The core insight: one singular goal, mapped month by month, beats a sprawling list of objectives.
The framework also encourages personal growth — learning a new skill and building a personal bucket list — to keep founders humble and motivated throughout the year.
T3B3 — top three, bottom three
- Ask a trusted colleague or partner to name your top three contributions and your bottom three weaknesses.
- Equally apply the exercise to your business: what did the company do well, and what fell short?
- Raw feedback surfaces blind spots that self-assessment misses.
- Feed the bottom-three findings directly into your next quarterly plan as explicit improvement targets.
December 31st visualization
- Close your eyes and write a short story set at the end of the coming year.

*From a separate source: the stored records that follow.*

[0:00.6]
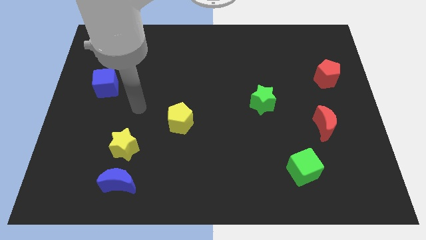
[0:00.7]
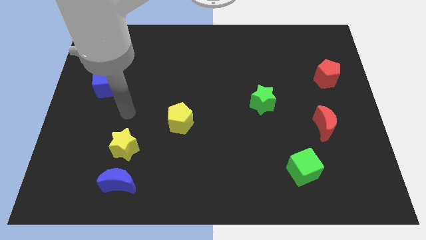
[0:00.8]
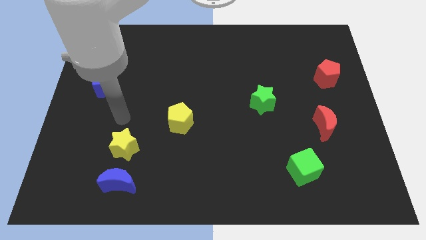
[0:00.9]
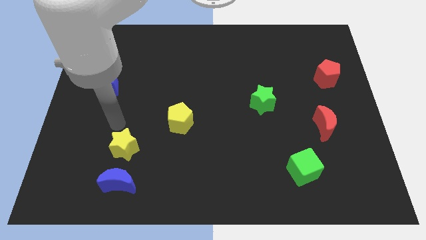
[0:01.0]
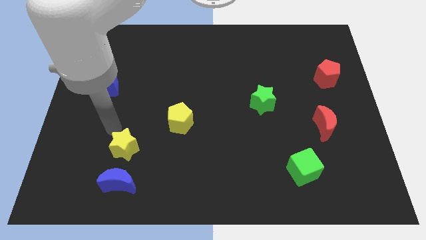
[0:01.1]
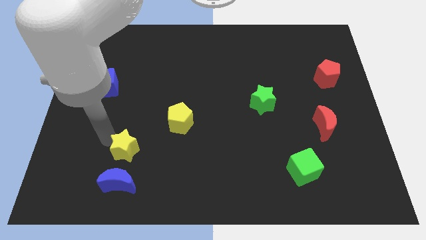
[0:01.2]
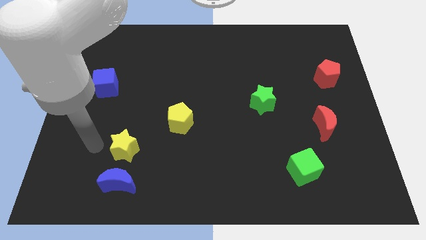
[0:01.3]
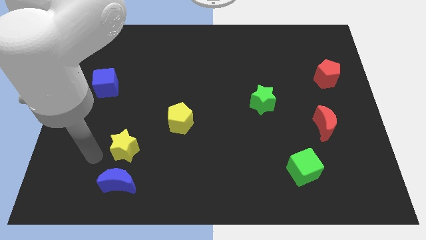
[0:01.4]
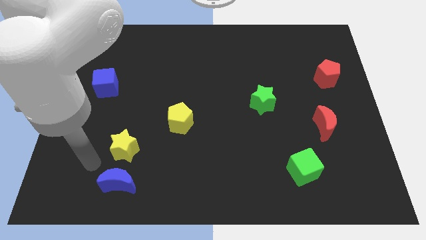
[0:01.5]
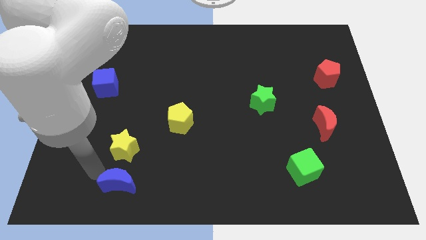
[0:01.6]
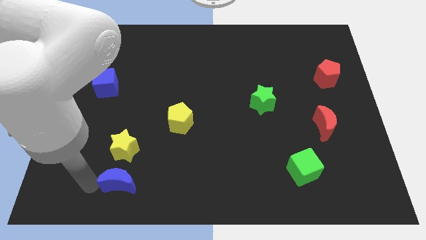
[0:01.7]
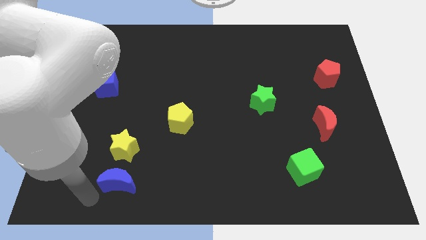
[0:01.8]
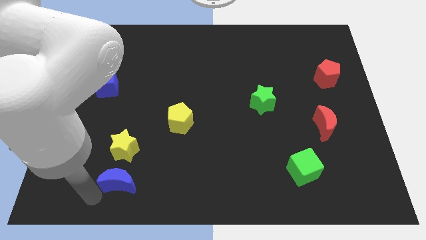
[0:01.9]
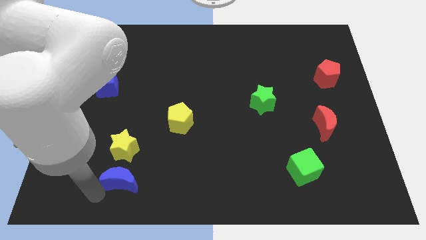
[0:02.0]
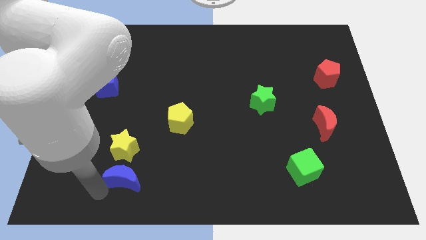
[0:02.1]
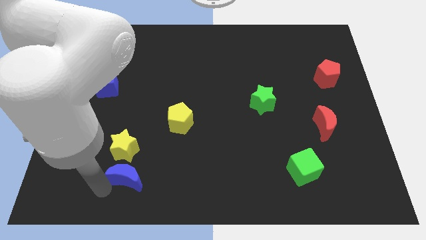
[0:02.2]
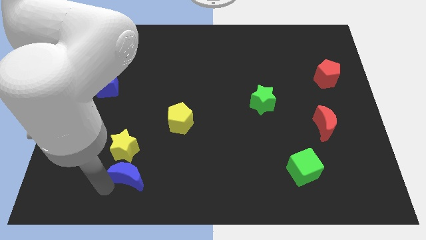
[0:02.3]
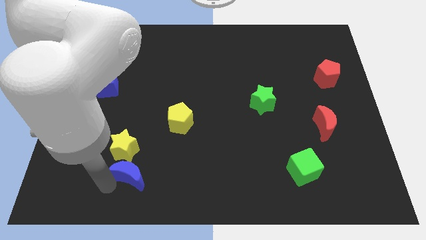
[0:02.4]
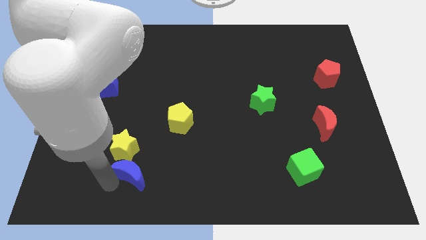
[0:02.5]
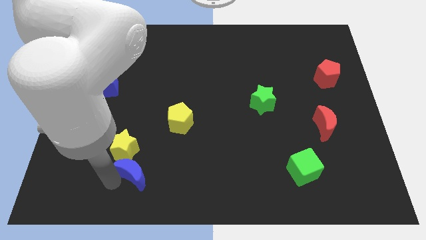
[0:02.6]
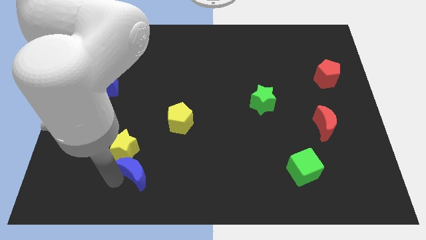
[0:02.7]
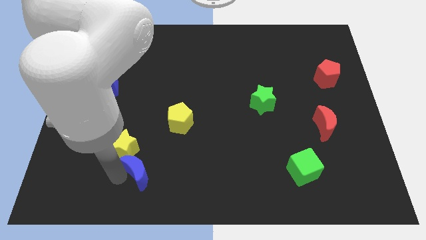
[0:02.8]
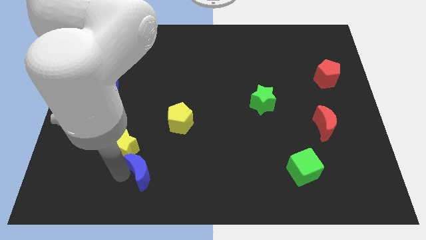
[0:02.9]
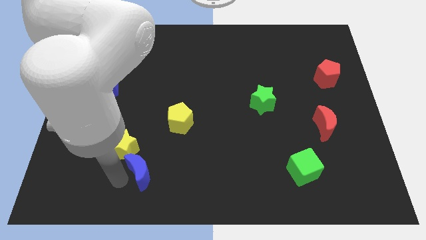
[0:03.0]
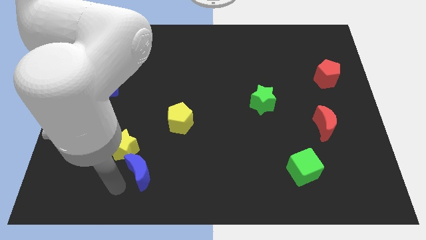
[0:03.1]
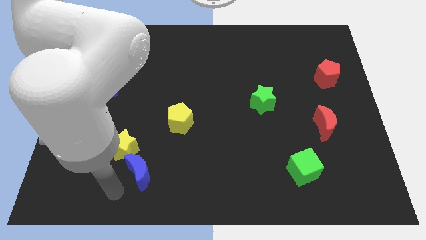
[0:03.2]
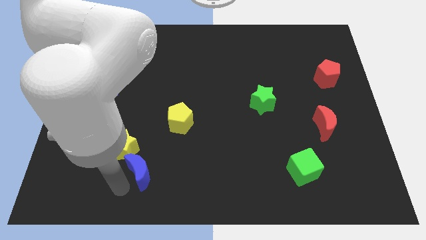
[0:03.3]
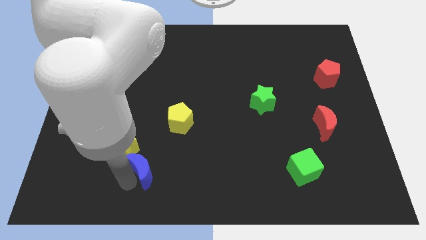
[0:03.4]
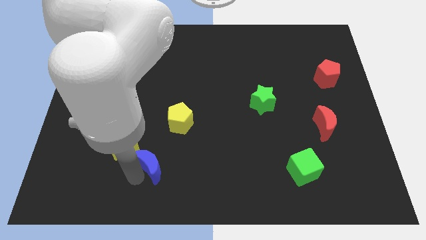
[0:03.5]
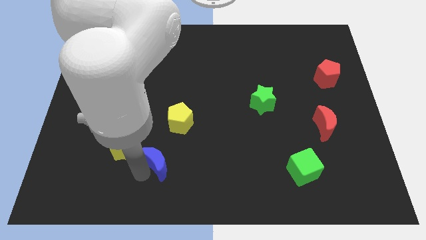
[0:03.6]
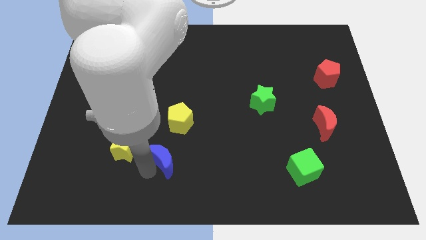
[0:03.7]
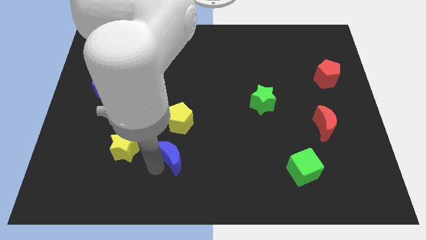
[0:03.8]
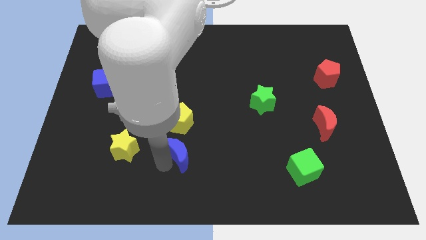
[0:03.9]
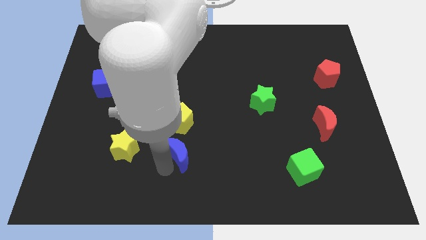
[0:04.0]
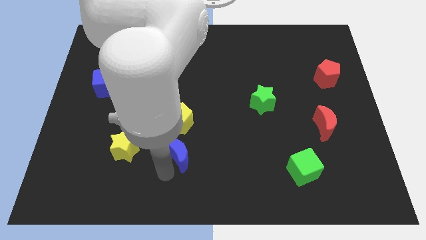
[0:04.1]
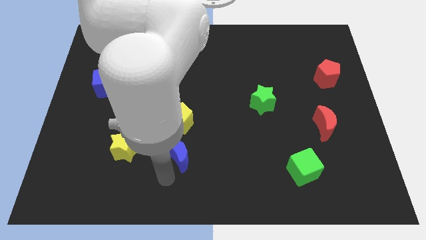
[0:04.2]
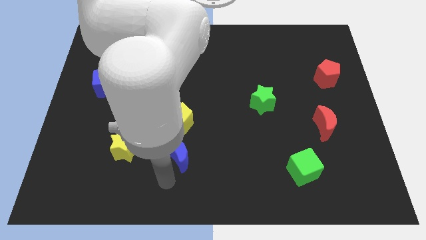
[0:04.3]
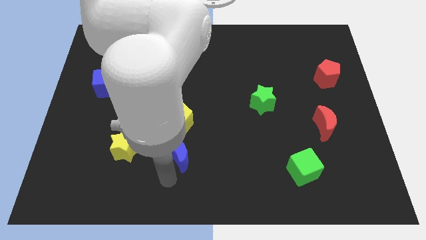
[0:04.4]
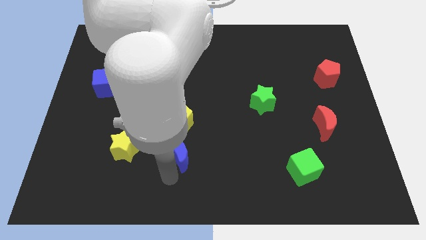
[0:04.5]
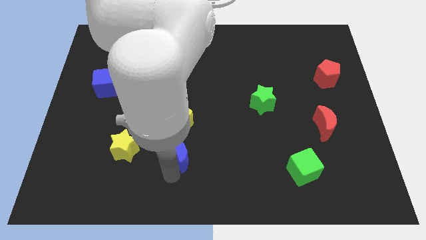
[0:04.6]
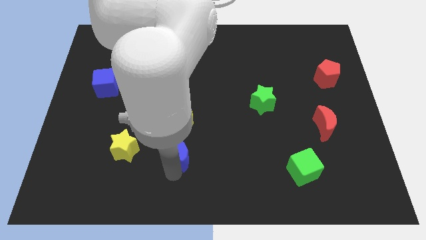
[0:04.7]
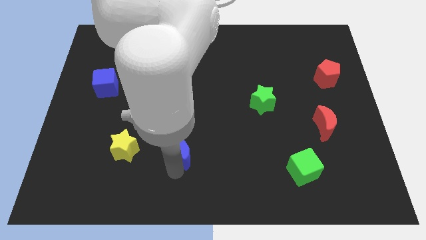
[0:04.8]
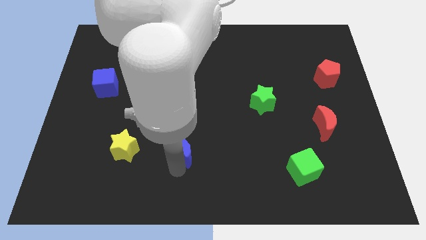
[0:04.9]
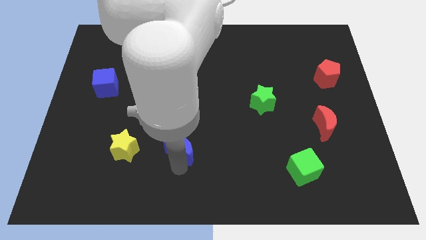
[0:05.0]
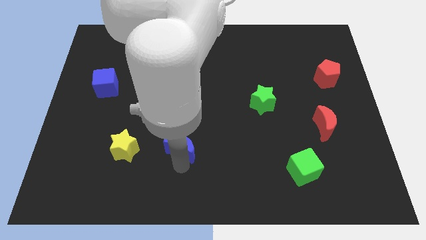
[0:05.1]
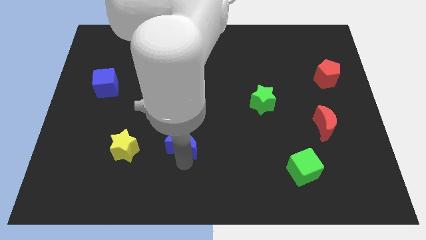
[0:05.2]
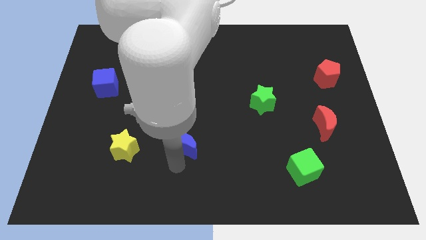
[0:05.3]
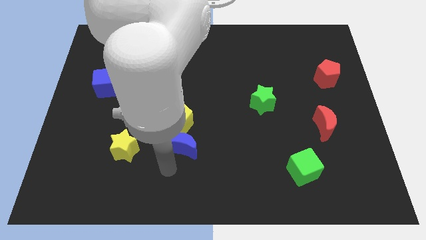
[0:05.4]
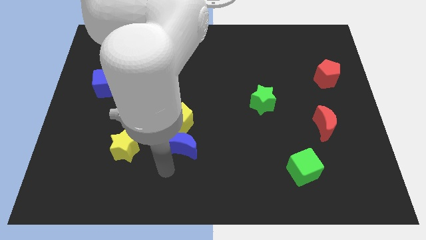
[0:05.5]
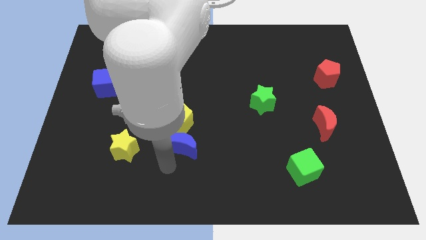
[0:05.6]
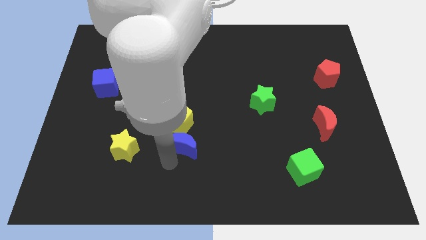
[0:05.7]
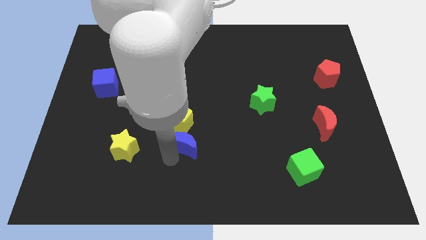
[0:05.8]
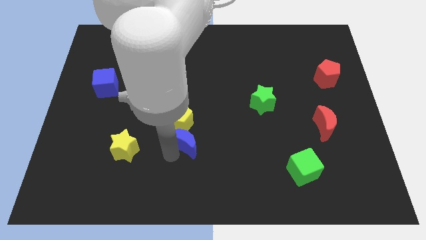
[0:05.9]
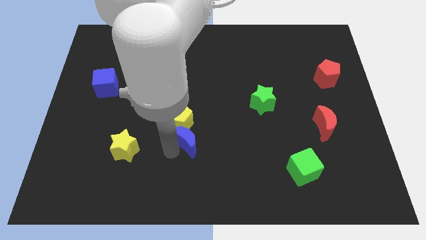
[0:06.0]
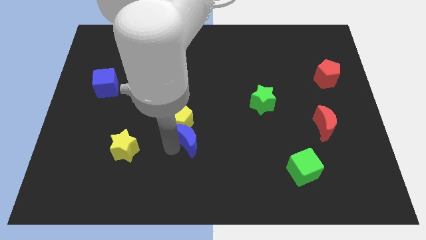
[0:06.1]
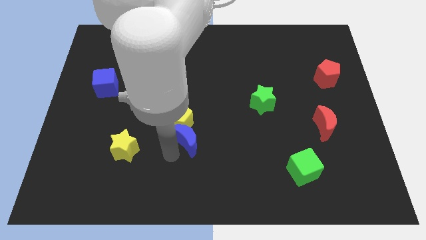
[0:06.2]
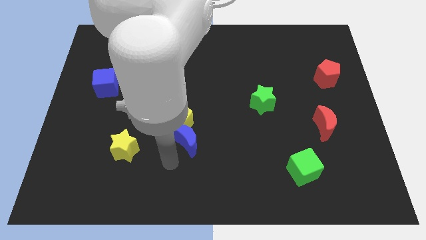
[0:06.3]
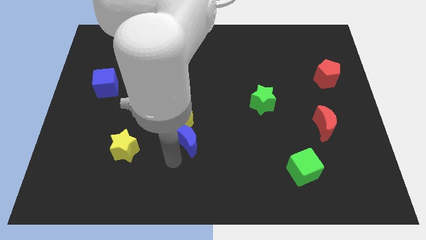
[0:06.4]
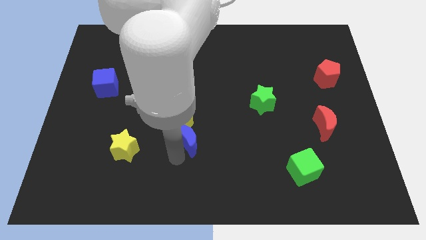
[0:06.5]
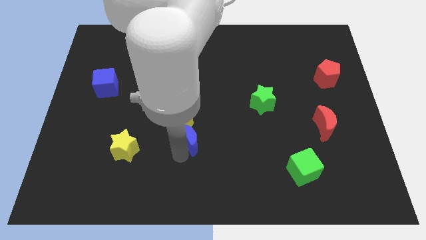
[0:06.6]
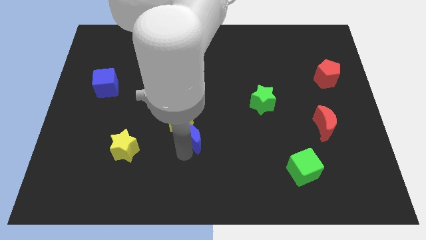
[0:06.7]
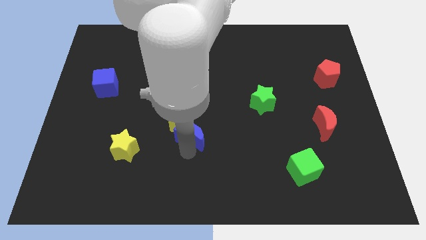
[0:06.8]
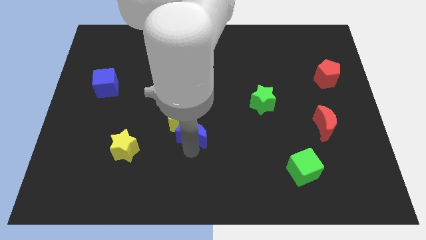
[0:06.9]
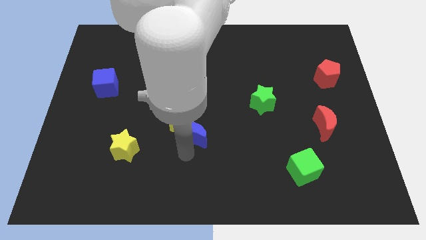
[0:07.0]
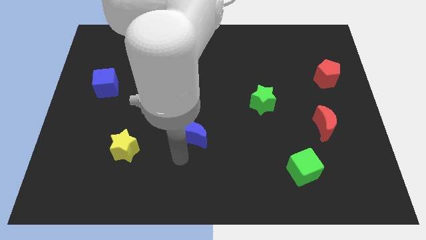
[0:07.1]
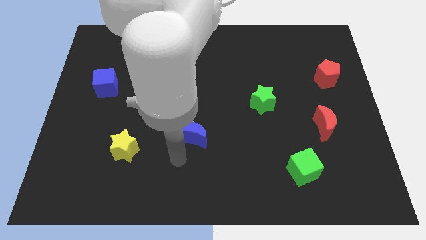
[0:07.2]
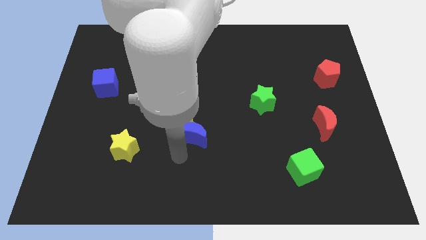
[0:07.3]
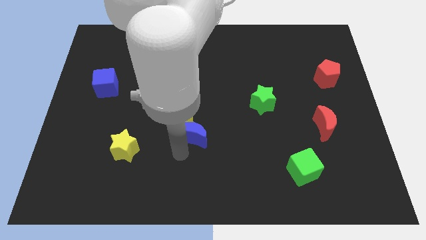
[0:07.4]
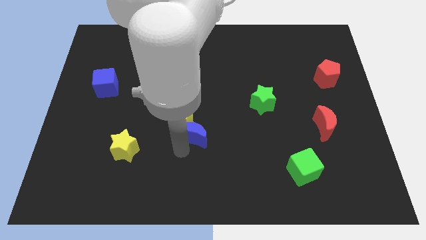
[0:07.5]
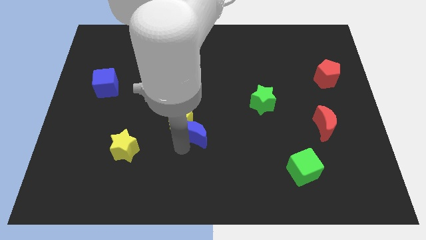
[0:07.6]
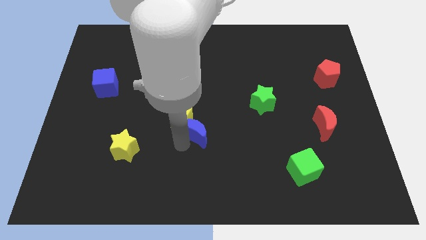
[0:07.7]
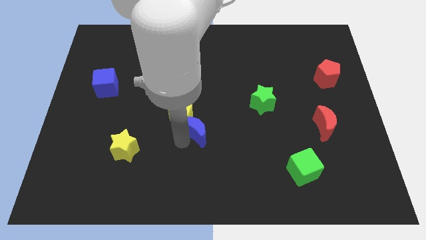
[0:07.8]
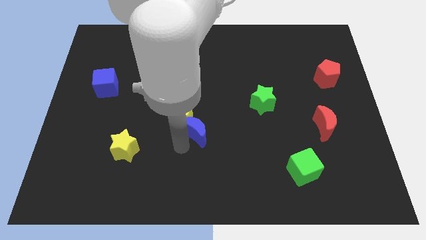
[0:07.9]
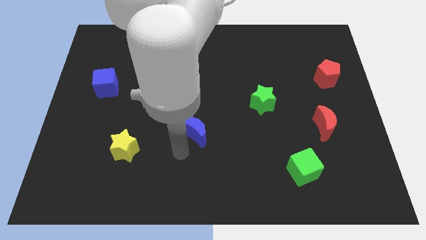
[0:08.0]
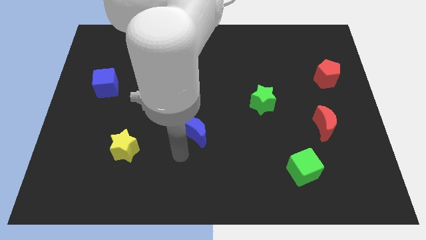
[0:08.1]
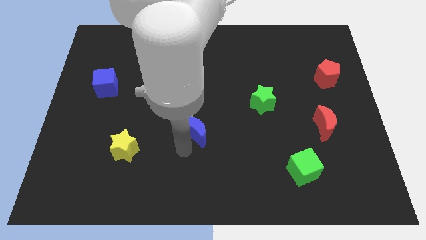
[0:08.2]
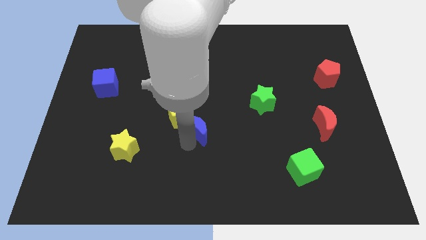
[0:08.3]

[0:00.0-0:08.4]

- Describe concrete details: number of customers, what you are working on, what you have stopped doing.
- Visualization creates a mental path that makes execution feel like following a route rather than guessing.
Pick one singular goal
- One north-star metric aligns the entire company and filters every decision.
- Sumo's goals by year: 50k emails → 500k emails → (no goal, missed) → 3,333 customers → traffic → revenue.
- The year they skipped a singular goal, they missed targets.
- Consider non-revenue metrics — NPS, active happy customers, engagement time — to avoid short-sighted optimisation.
- Every other metric in the business should ladder up to this one number.
Map it out month by month
- Once the annual goal is set, break it into monthly milestones on a spreadsheet.
- Work backwards: if the target is $100k by December, set $90k for November, $80k for October, and so on.
- Include the supporting drivers — new customers, churn, headcount, revenue — for each month.
- The map is a living document; adjust the route when conditions change, just like a GPS rerouting.
- Reference the proactive dashboard video for a worked example.
Learn one new skill
- Picking up something completely unfamiliar — a language, instrument, or martial art — forces you to be a beginner again.
- Being a beginner cultivates humility and prevents the "I already know everything" trap.
- The meta-skill of learning how to learn transfers directly back into the business.
Build an annual bucket list
- A yearly bucket list is more achievable than a lifetime one and creates concrete milestones to look forward to.
- Examples: a revenue target, a podcast download milestone, working remotely abroad, attending two conferences.
- Schedule each item into your calendar at the start of the year so it does not get crowded out.
- Having big personal goals running in parallel with business goals sustains motivation across the full year.